You’ll love these crisp sugar cookies, rolled out and cut with your favorite cookie cutters, and decorated to look fancy. They’ll soon become a Christmas tradition in your family!
Why you’ll love it: These cookies make a big batch and are sturdy enough for little fingers to decorate.
How long it takes: 15 minutes to make the dough, plus chilling time, and 7 minutes per batch to bake
Equipment you’ll need: mixer, mixing bowl, cookie sheet, rolling pin, cookie cutters
Servings: makes 5 dozen, depending on the size
I make these sugar cookies every year. Pretty much since I was born.
Okay, so now that I look closer, maybe those are gingerbread cookies.

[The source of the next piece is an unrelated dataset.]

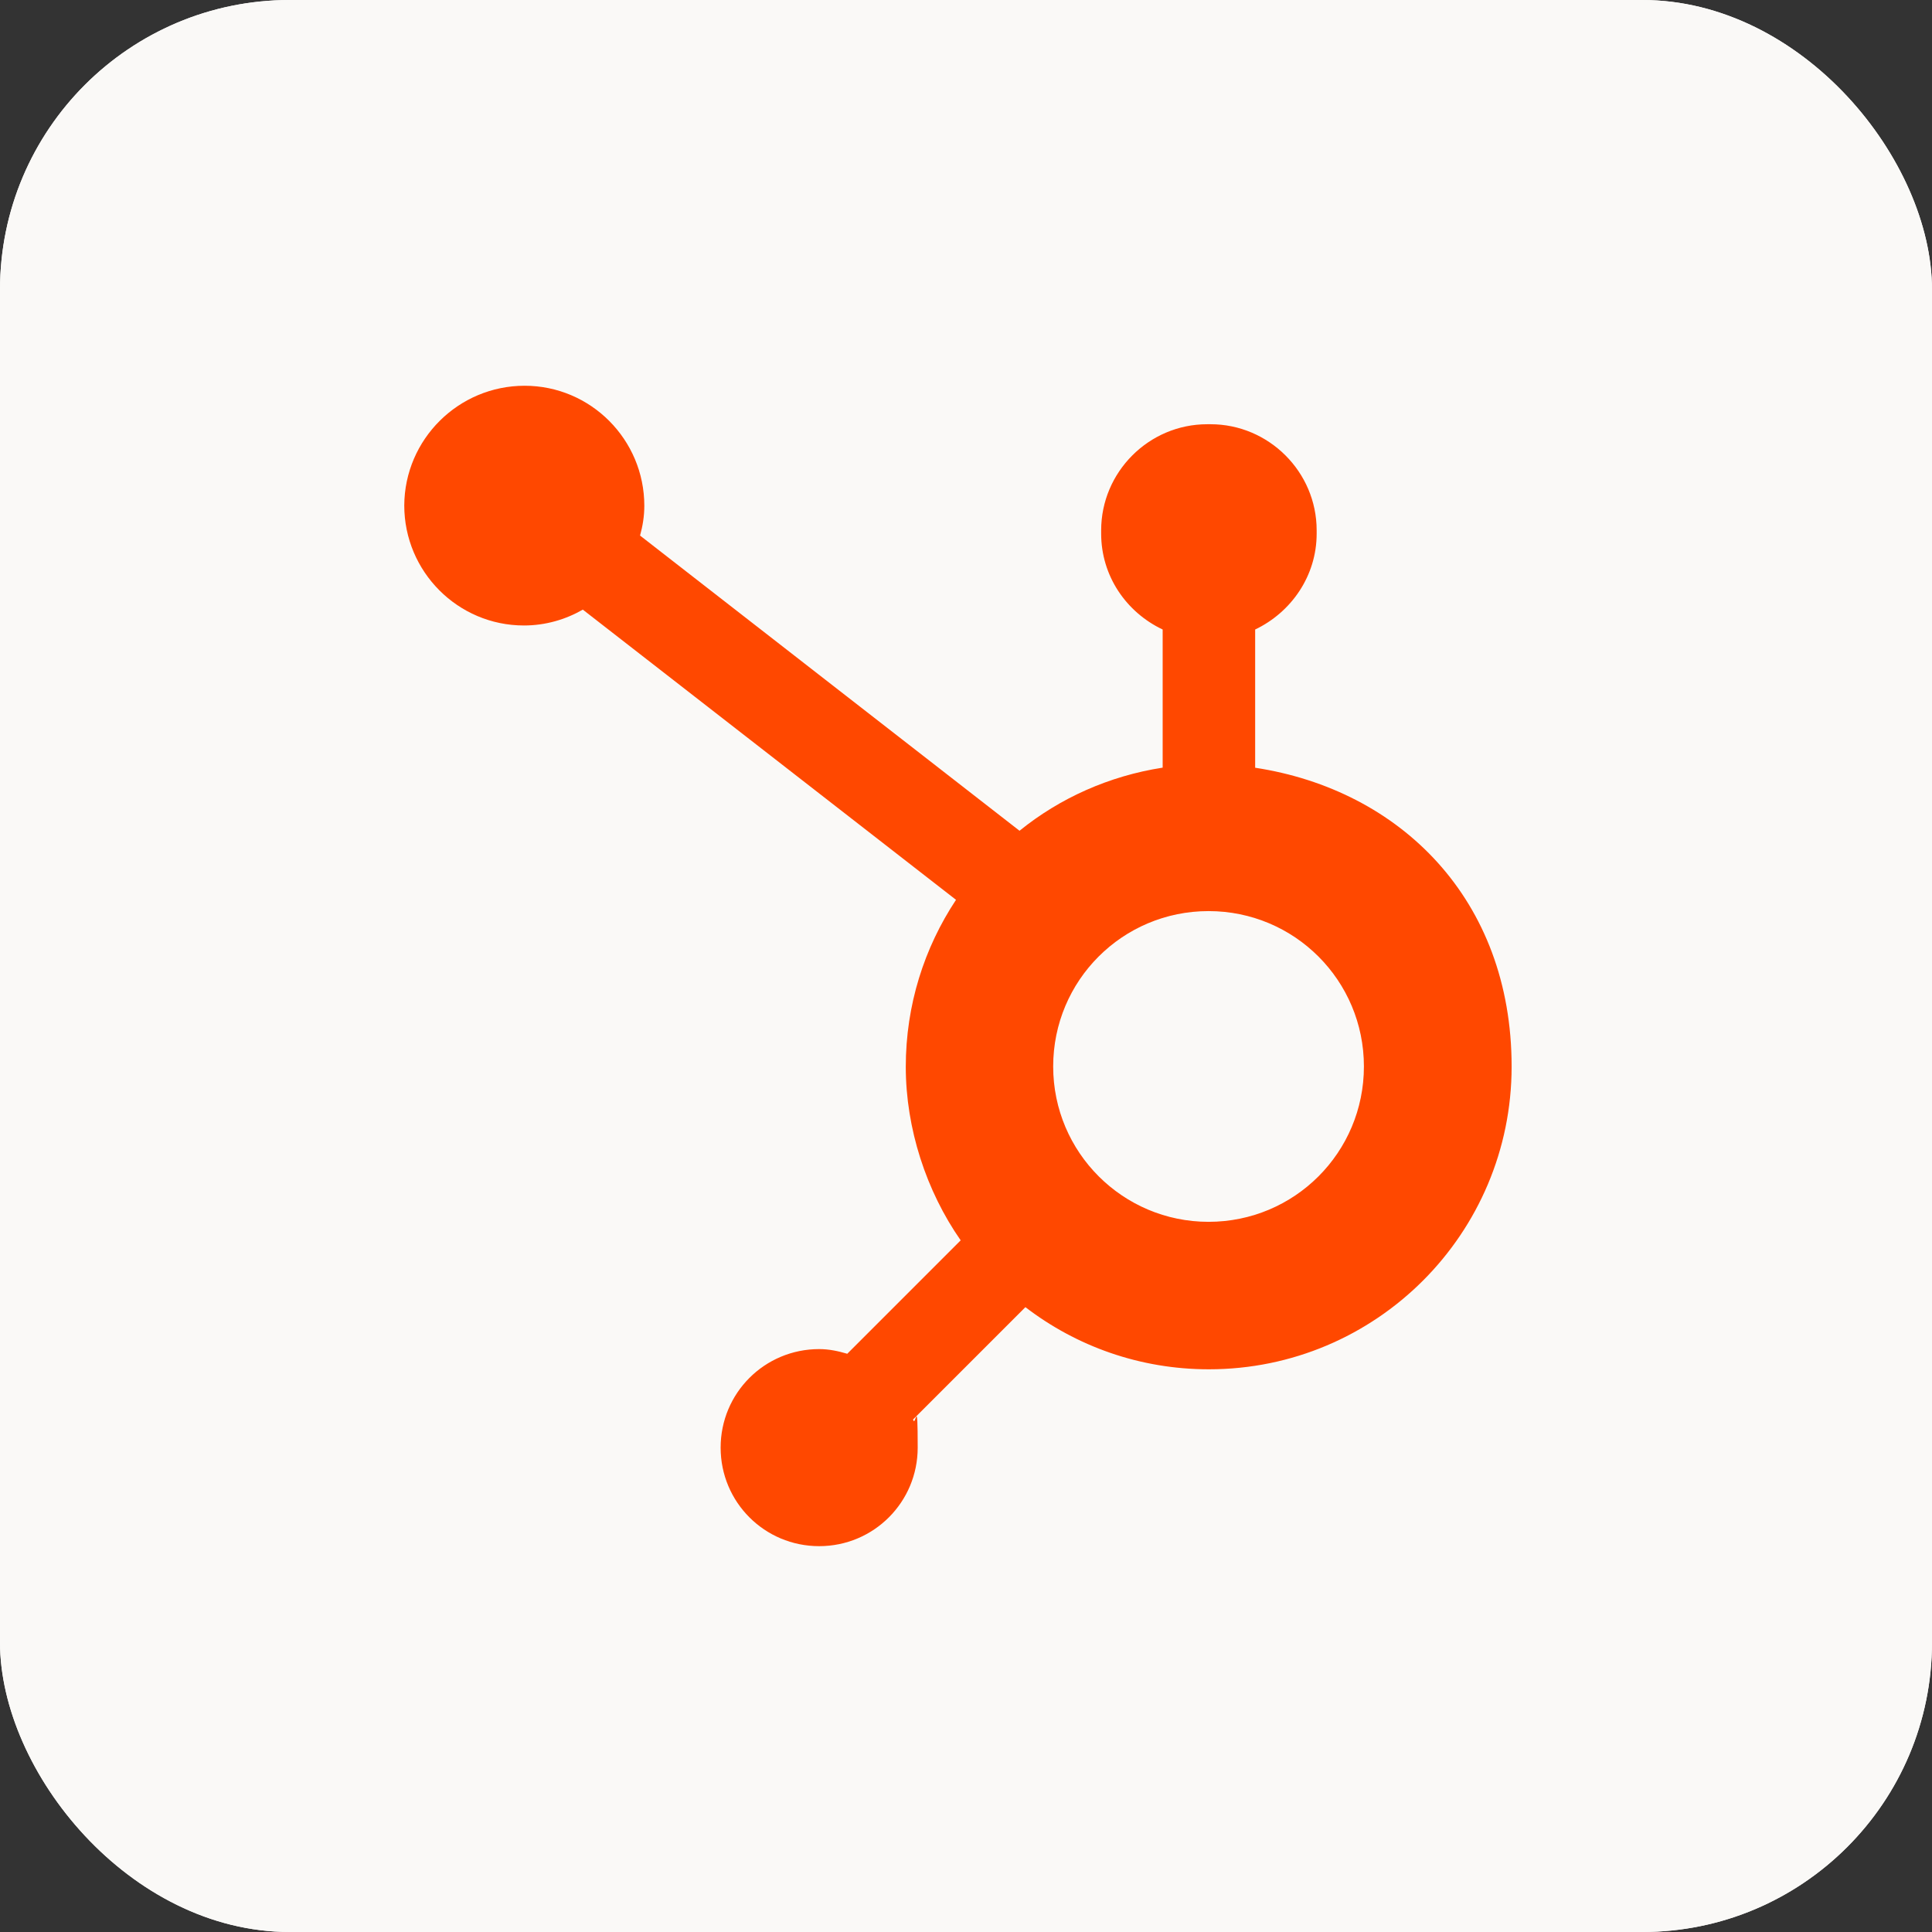 <svg fill="none" height="24" viewBox="0 0 24 24" width="24" xmlns="http://www.w3.org/2000/svg" xmlns:xlink="http://www.w3.org/1999/xlink"><rect x="0" y="0" width="24" height="24" fill="#333333" stroke="none"/><clipPath id="a"><rect height="24" rx="3.6" width="24"/></clipPath><clipPath id="b"><rect height="24" rx="3.6" width="24"/></clipPath><clipPath id="c"><path d="m4.8 4.691h14.2v14.619h-14.2z"/></clipPath><g clip-path="url(#a)"><rect fill="#faf9f7" height="24" rx="3.6" width="24"/><g clip-path="url(#b)"><rect fill="#faf9f7" height="24" rx="3.6" width="24"/><g clip-path="url(#c)"><path d="m15.592 9.536v-1.716c.448-.214.764-.665.764-1.191v-.041c0-.727-.596-1.318-1.318-1.318h-.041c-.727 0-1.318.595-1.318 1.318v.041c0 .526.312.977.764 1.191v1.716c-.665.103-1.277.378-1.778.784l-4.714-3.667c.033-.119.053-.242.053-.37 0-.821-.665-1.491-1.487-1.491-.821 0-1.491.665-1.495 1.487 0 .821.665 1.491 1.487 1.491.267 0 .517-.074.731-.197l4.636 3.605c-.394.595-.624 1.306-.624 2.074s.255 1.544.682 2.156l-1.409 1.409c-.111-.033-.226-.058-.349-.058-.678 0-1.224.546-1.224 1.224 0 .678.546 1.224 1.224 1.224.677 0 1.224-.546 1.224-1.224 0-.677-.025-.238-.058-.349l1.396-1.396c.632.485 1.421.772 2.279.772 2.078 0 3.761-1.684 3.761-3.761 0-2.078-1.384-3.437-3.187-3.712zm-.579 5.642c-1.064 0-1.93-.862-1.93-1.93 0-1.068.862-1.93 1.93-1.93 1.068 0 1.93.862 1.93 1.93 0 1.068-.862 1.93-1.93 1.93z" fill="#ff4800"/></g></g></g></svg>

What’s going on here, mom? I guess I’ll just have to say that I’ve made these every year for as long as I can remember. In the picture above, I’ve obviously consumed too much sugar to be thinking straight. (Can you guess which one I am?!)
I look forward every year to cookie decorating day. A few days before Christmas, my mom bakes up a batch of these cookies in all sorts of fun cutout shapes. I love that she uses the same cookie cutters that my sister and I grew up with: reindeer, snowmen, angels, stars, holly leaves, Santas, just to name a few. And of course, my favorite one to decorate: the Christmas tree!
Now it’s my kids and their cousins who decorate the cookies. It’s a decorating frenzy! Some of the cookies are a little (okay, a lot) over the top but that’s all part of the fun. We use a lot of frosting in a rainbow of colors and a lot of sprinkles. The floor is almost as decorated as the cookies!
It’s a trip down memory lane for my sister and me. There are always plenty of cookies to decorate so my sister, my mom, and I join the fun, vying for the most creative cookie. There’s nothing too sophisticated about our cookie decorating, just lots of good fun and silliness.
We always enjoy the fruit of our labor immediately, along with homemade hot chocolate or a cup of coffee. There’s always lots of extra cookies to share with neighbors and loved ones.
This sugar cookie recipe is somewhat uniquely flavored with two extracts, vanilla and lemon. The lemon extract adds a layer of flavor that’s truly delicious, not overpowering at all, just a subtle hint of lemon that pairs well with the nutmeg. The combination of vanilla, lemon, and nutmeg is what will make your cookies stand apart from other less flavorful sugar cookies.
Allow extra time for the dough to chill. It’s needs to be chilled at least 30 minutes before rolling it out and cutting it. I prefer chilling it overnight. When you’re ready to roll, leave one half in the fridge so it stays nice and cold.
I’ll get you started on cookie making here but as always, you’ll find the printable recipe card near the end of the post with complete instructions and nutrition information.
What You’ll Need
- All-Purpose Flour: Just regular flour is all you need. I have not tested this recipe with whole wheat or white whole wheat flour. You’ll need four cups of flour, plus more for rolling out the cookies.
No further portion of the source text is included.